Fraudulently claiming that lock-down measures implemented in March had no effect, a representative of a Spanish energy group told El País: “We don’t believe that confinement is a good idea. We have seen the results from March and its almost non-existent effect. We believe that before applying [lock-down measures] we should exhaust every possible solution so as to avoid completely paralysing the economy.”
Even as the PSOE-Podemos government continues to endanger workers’ lives at the behest of the Spanish and international bourgeoisie—justifying their criminal refusal to implement substantive measures to combat the pandemic with lying claims that the economy cannot afford it—they have been able to open the coffers of the state to hand out massive bailouts to giant corporations.

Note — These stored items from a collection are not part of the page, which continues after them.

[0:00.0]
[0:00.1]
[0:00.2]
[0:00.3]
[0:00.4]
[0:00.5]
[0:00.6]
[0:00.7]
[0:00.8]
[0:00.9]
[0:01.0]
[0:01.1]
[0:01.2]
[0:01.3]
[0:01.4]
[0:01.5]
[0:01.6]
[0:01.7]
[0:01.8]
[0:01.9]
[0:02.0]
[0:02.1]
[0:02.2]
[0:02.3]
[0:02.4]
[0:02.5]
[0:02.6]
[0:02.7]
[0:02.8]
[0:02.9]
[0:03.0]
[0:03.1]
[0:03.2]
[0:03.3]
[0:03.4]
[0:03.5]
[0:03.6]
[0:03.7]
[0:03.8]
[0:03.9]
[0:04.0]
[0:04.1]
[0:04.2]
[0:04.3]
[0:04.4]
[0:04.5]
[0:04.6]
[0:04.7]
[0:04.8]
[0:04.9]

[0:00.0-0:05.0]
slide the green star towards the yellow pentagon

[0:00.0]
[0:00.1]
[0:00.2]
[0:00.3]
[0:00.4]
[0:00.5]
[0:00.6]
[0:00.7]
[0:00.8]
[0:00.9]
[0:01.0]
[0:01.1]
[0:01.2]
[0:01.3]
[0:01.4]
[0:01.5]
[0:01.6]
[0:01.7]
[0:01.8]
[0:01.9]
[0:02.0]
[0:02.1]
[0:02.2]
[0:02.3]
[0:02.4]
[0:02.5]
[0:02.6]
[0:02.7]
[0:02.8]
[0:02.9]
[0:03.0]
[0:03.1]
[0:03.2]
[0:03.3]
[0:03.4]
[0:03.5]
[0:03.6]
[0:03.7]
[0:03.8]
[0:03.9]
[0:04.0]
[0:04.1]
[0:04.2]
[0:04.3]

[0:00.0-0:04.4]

Last week, the Spanish cabinet agreed to their first massive state rescue package since the start of the pandemic, pledging to bail out Air Europa to the tune of €475 million. This state aid will see the third-largest Spanish airline (after Iberia and Vueling) receiving €240 million in participatory loans and another €235 in ordinary loans, to be paid back over six years.
The bailout will be overseen by state-owned industrial holding company SEPI (State Society of Industrial Participation), which will have the right to appoint two representatives to the company’s advisory board and will have to authorise any planned workforce restructuring by the airline.
The livelihoods of the airline’s nearly 3,000 workers now hang in the balance, with Air Europa refusing to reveal the details of its supposed “viability plan” to its employees, according to pilots union SEPLA. The state bailout will be predicated on massive attacks on jobs and conditions at Air Europa.